We're asked to explain NPV and IRR to a board of directors. In the examiners' report, the slide says NPV = value of project at a certain rate of return (the "discount rate") IRR = discount rate at which NPV = 0 Is this sufficient as an explanation for NPV and IRR? I would've thought it would make no sense to someone who has never encountered discount rates before. How else would you explain it?
I would agree with you edcvfr that what is on the slide is likely to be hard for some of the audience to understand. Of course, the presenter would also be narrating during the slide & that would also form part of the explanation. We cover this particular question (and other past exam questions) in ActEd's Preparation Day tutorials and our Online Classroom. In these we avoid explaining the calculation itself. For example, for NPV we simply refer to NPV as being a way of placing a value on a project, which reflects the size and incidence of the expected future cashflows and the cost of financing the project (eg interest, or borrowing, rates). This ensures the audience (directors) can understand what the measure means and what it is affected by, so that they can make an informed decision as to which project to undertake. They don't need to know the detail of how NPV is calculated in order to make that decision.
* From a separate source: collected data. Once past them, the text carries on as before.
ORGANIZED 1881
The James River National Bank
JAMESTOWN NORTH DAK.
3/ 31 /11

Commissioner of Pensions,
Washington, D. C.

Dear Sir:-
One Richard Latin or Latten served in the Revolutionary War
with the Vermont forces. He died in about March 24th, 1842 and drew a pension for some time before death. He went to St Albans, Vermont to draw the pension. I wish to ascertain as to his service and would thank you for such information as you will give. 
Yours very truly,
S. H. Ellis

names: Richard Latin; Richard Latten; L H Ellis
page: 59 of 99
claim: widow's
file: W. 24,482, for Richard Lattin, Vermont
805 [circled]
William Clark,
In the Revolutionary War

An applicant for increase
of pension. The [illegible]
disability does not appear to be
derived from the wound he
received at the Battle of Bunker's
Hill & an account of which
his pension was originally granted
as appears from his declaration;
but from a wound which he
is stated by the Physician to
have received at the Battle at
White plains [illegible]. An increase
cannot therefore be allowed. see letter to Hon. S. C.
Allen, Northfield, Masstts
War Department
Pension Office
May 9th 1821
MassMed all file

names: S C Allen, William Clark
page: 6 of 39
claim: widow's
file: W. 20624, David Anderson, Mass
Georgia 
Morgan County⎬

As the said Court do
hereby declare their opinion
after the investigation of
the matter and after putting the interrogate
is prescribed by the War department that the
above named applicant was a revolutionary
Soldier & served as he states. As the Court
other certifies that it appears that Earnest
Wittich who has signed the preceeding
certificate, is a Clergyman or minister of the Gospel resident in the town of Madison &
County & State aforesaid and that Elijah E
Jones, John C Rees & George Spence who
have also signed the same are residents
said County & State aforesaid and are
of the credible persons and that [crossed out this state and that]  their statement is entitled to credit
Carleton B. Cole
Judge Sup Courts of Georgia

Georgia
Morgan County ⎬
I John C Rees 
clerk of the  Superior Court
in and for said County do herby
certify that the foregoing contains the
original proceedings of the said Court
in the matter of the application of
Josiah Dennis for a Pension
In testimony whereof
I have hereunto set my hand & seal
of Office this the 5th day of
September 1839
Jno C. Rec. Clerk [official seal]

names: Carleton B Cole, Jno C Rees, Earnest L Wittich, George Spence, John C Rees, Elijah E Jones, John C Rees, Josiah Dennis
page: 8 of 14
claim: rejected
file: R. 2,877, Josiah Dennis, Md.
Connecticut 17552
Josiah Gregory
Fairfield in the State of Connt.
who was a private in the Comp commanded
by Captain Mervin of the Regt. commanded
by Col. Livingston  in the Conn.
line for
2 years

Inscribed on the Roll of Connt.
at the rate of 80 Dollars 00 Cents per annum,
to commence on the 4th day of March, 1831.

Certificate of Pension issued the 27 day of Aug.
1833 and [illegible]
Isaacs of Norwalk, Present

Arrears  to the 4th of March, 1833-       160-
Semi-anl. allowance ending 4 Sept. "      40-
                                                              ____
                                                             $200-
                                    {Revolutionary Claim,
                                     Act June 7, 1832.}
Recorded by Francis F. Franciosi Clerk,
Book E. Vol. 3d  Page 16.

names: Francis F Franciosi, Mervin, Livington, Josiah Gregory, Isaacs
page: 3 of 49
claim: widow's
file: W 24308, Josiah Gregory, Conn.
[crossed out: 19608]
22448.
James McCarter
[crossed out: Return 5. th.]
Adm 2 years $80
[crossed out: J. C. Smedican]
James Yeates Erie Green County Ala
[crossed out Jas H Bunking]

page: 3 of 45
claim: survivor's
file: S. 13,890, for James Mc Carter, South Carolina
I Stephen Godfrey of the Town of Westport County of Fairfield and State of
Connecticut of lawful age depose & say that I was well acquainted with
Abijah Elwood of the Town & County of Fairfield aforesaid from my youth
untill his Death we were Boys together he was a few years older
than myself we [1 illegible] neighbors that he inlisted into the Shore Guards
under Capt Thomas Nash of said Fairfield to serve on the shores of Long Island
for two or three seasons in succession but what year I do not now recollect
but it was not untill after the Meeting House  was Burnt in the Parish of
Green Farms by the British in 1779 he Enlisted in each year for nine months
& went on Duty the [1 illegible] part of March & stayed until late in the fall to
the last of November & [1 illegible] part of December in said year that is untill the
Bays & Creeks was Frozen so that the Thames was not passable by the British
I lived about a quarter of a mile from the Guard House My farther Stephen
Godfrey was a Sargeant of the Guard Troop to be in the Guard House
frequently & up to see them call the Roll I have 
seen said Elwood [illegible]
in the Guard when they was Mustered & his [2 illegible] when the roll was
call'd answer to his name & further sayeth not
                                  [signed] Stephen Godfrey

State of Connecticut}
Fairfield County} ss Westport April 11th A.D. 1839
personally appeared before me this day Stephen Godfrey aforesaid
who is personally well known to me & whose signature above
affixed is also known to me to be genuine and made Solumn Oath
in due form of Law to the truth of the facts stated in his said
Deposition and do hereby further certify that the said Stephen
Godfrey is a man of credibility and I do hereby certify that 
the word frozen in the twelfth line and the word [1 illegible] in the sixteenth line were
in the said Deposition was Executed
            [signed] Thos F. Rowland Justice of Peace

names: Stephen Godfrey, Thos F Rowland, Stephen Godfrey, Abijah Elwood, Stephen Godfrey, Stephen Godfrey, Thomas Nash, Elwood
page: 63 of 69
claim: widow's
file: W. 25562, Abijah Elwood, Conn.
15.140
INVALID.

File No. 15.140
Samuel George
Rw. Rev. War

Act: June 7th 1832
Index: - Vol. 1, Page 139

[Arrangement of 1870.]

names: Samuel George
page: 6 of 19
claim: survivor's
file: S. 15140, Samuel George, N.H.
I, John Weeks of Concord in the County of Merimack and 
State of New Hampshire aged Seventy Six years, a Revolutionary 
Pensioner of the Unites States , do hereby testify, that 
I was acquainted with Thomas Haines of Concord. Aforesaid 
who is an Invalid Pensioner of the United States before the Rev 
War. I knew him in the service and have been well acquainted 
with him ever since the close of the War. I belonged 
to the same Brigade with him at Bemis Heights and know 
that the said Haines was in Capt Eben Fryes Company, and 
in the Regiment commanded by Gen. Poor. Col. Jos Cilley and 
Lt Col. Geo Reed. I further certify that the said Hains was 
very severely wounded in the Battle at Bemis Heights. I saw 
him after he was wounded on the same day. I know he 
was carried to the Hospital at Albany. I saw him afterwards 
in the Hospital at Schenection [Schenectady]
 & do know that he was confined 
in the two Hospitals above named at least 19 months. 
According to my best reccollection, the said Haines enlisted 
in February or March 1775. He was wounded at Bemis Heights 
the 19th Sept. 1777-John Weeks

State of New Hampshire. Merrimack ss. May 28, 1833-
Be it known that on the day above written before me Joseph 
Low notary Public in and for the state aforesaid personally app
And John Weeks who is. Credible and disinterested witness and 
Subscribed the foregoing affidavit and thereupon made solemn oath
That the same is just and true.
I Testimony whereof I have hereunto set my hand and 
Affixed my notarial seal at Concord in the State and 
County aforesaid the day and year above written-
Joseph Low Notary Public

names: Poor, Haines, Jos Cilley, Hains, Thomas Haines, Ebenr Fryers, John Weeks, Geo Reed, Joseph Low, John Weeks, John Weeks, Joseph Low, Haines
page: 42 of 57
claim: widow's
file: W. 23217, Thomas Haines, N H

Thanks for the quick reply David! How about IRR? Having explained NPV, if I say that IRR is the rate of return that sets NPV to 0, would that make sense? Or should I say IRR is a measure of the rate of return on the project. If it is greater than the cost of borrowing, then it is considered profitable?
What do you think the audience would find most useful (from their perspective as directors looking to choose between two projects) and most easy to understand?